Records provided

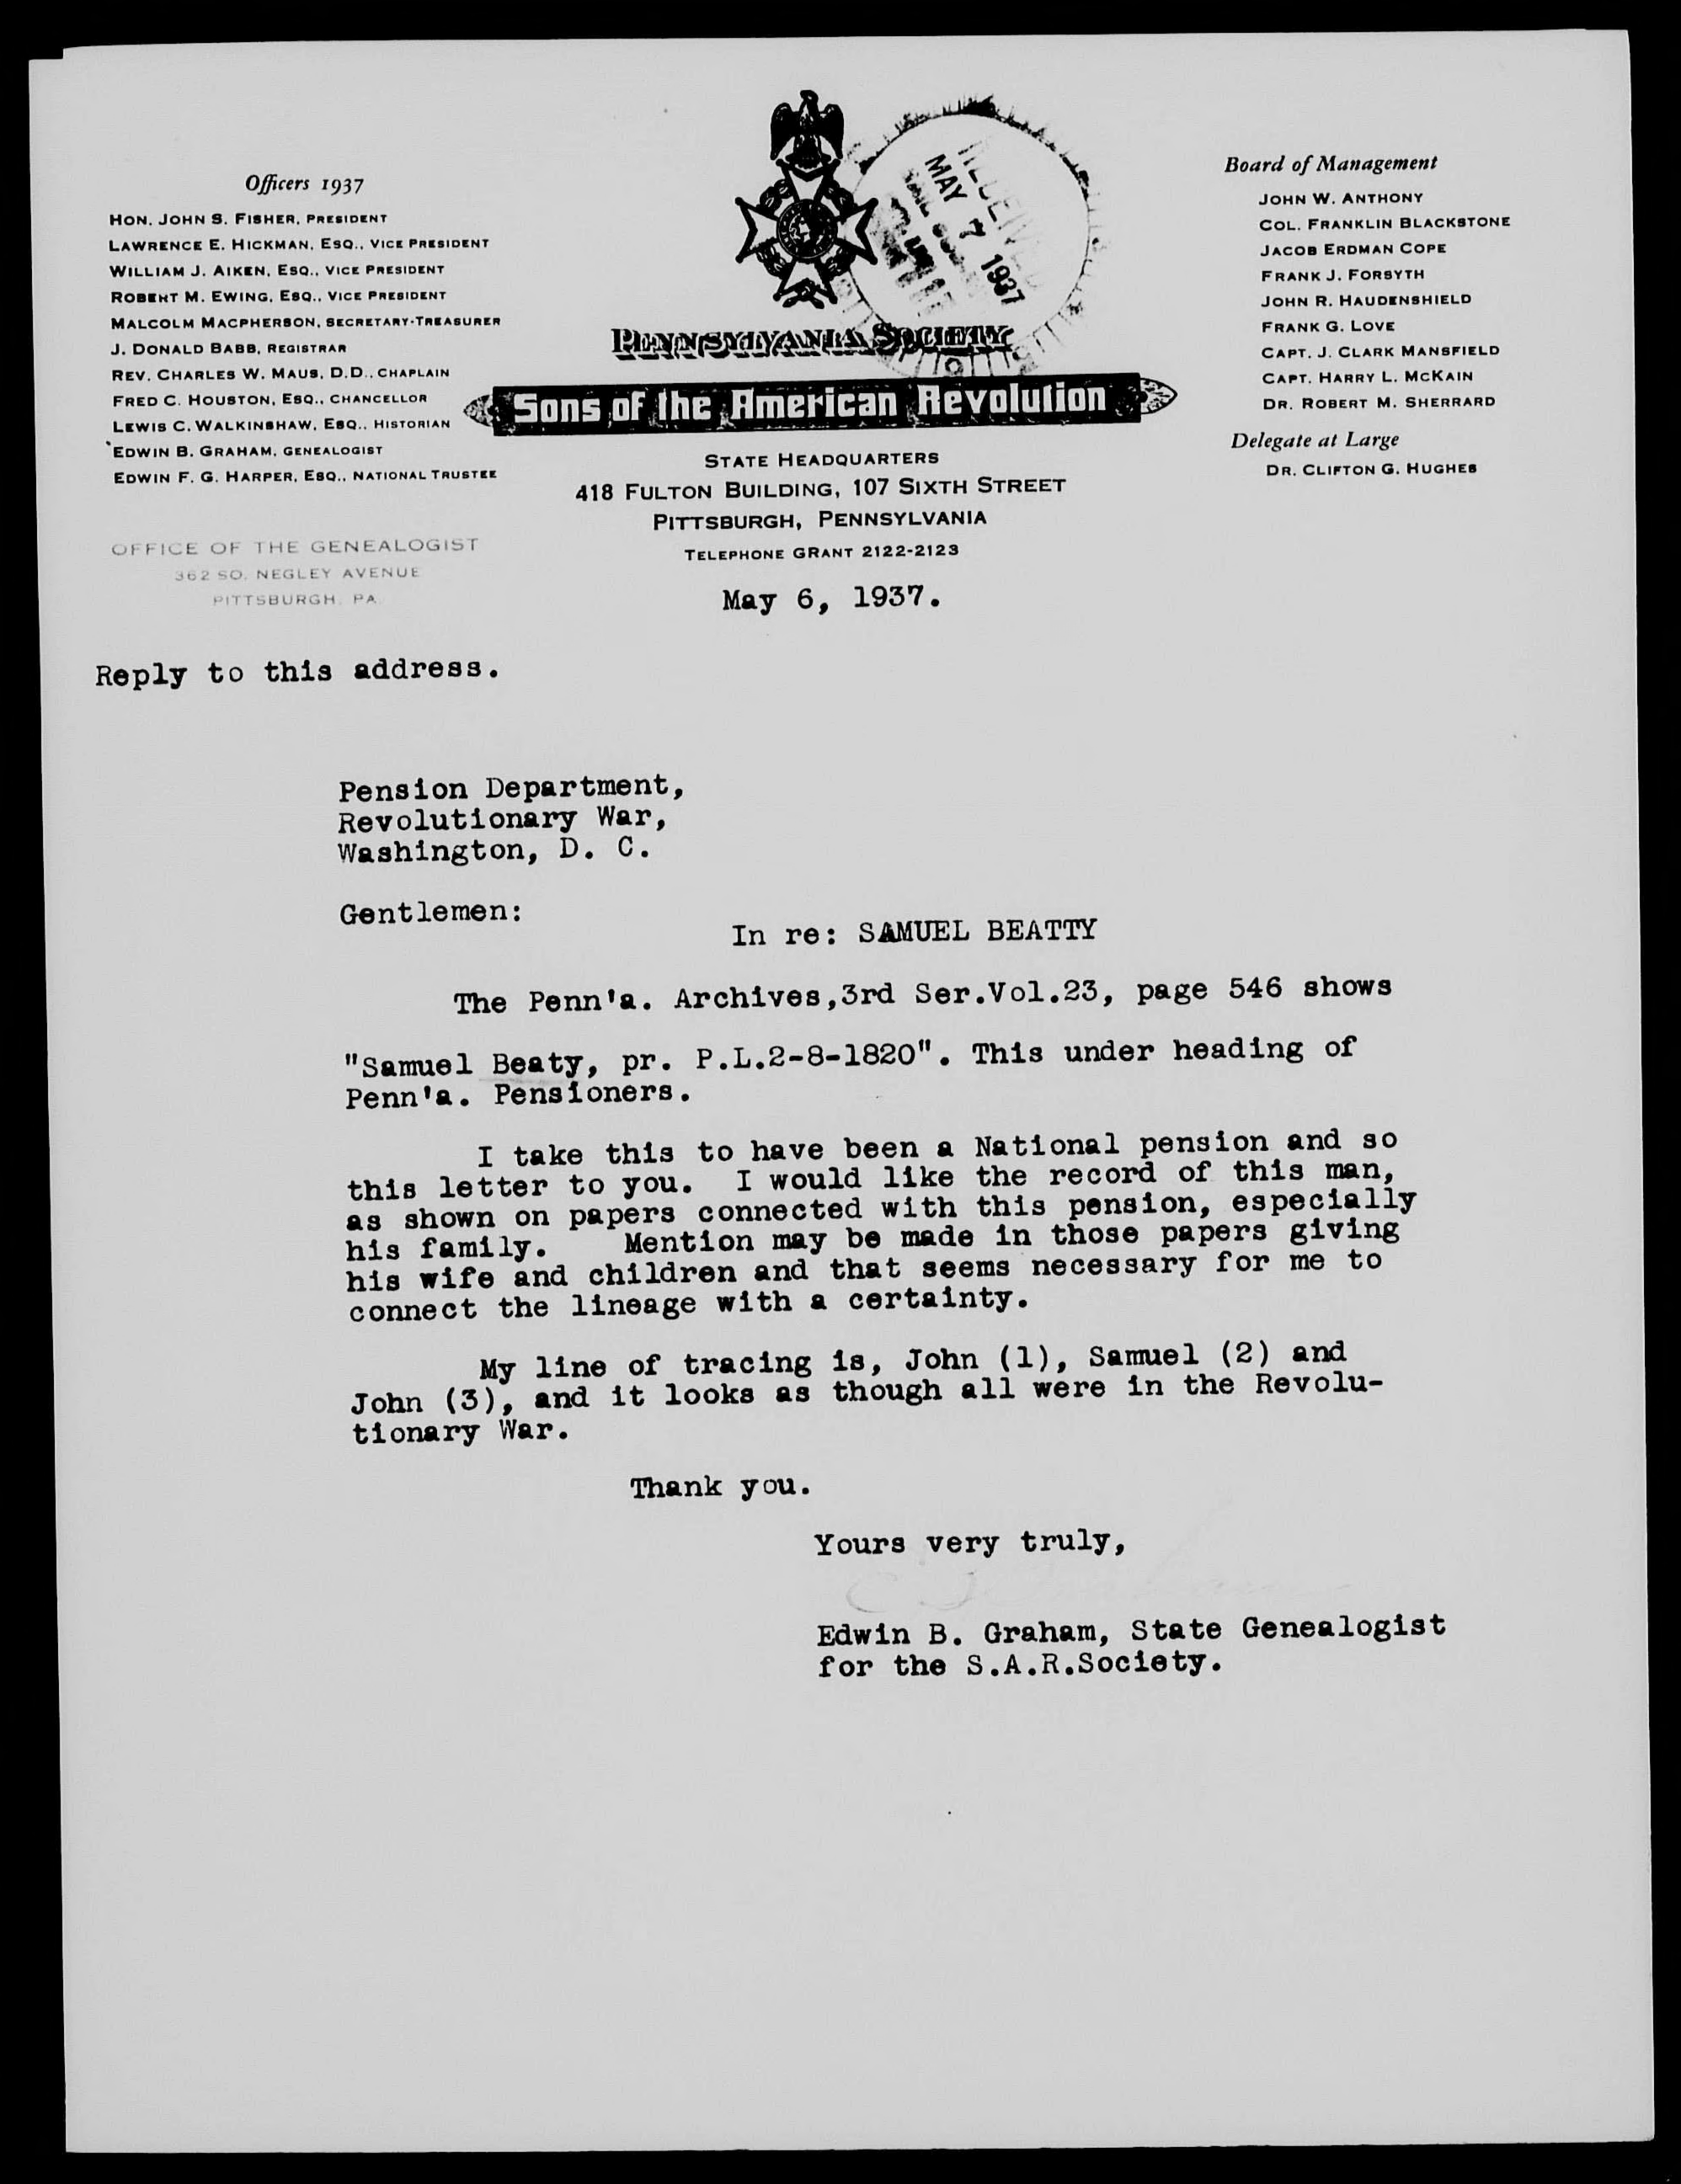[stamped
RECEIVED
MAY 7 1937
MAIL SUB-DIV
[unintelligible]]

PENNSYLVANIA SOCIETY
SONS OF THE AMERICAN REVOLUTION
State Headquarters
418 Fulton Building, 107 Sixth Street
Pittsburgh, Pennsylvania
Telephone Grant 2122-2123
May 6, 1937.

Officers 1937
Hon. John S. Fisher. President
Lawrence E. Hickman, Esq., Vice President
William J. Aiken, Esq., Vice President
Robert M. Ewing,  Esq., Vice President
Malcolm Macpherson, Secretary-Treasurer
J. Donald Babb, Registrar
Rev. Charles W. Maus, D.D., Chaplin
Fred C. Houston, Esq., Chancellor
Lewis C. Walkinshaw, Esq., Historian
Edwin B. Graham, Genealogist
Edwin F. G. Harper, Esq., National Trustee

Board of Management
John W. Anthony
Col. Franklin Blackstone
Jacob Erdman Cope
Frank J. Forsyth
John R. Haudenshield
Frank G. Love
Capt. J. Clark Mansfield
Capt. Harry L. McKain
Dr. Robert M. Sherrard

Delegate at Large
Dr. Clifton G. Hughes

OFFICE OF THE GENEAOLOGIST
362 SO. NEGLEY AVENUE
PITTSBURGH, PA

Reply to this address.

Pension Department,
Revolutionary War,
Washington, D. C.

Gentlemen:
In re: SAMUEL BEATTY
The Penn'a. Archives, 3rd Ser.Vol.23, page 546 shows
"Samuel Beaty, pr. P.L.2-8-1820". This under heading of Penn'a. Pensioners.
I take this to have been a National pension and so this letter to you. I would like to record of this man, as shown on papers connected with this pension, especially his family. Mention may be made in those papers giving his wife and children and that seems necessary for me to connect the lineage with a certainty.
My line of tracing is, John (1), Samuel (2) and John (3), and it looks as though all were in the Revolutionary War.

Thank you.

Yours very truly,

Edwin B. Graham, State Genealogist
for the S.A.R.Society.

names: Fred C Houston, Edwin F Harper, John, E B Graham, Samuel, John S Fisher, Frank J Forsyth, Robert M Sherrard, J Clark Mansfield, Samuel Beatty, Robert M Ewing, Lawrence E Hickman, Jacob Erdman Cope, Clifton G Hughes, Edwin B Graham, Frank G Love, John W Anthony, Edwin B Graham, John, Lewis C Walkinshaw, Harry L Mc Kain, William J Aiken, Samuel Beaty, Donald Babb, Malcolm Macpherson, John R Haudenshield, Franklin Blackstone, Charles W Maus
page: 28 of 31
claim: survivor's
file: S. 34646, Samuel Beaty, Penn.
* * *
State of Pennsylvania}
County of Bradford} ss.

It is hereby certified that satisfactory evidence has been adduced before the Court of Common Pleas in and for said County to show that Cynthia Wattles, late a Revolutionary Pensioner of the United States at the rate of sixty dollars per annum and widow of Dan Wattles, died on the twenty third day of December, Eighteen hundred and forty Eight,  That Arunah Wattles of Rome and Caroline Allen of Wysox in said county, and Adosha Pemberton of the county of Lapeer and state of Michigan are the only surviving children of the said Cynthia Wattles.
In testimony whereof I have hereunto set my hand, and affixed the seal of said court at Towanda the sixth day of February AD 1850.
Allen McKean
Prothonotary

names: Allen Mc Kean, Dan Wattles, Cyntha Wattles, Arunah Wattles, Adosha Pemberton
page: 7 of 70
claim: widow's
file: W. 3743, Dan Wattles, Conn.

How to complete this task
Give back precisely the lines above that start at the line containing "Board of Management" and end at the line containing "of Penn'a. Pensioners.", inclusive. No other lines belong in the output.

The completed task
Board of Management
John W. Anthony
Col. Franklin Blackstone
Jacob Erdman Cope
Frank J. Forsyth
John R. Haudenshield
Frank G. Love
Capt. J. Clark Mansfield
Capt. Harry L. McKain
Dr. Robert M. Sherrard

Delegate at Large
Dr. Clifton G. Hughes

OFFICE OF THE GENEAOLOGIST
362 SO. NEGLEY AVENUE
PITTSBURGH, PA

Reply to this address.

Pension Department,
Revolutionary War,
Washington, D. C.

Gentlemen:
In re: SAMUEL BEATTY
The Penn'a. Archives, 3rd Ser.Vol.23, page 546 shows
"Samuel Beaty, pr. P.L.2-8-1820". This under heading of Penn'a. Pensioners.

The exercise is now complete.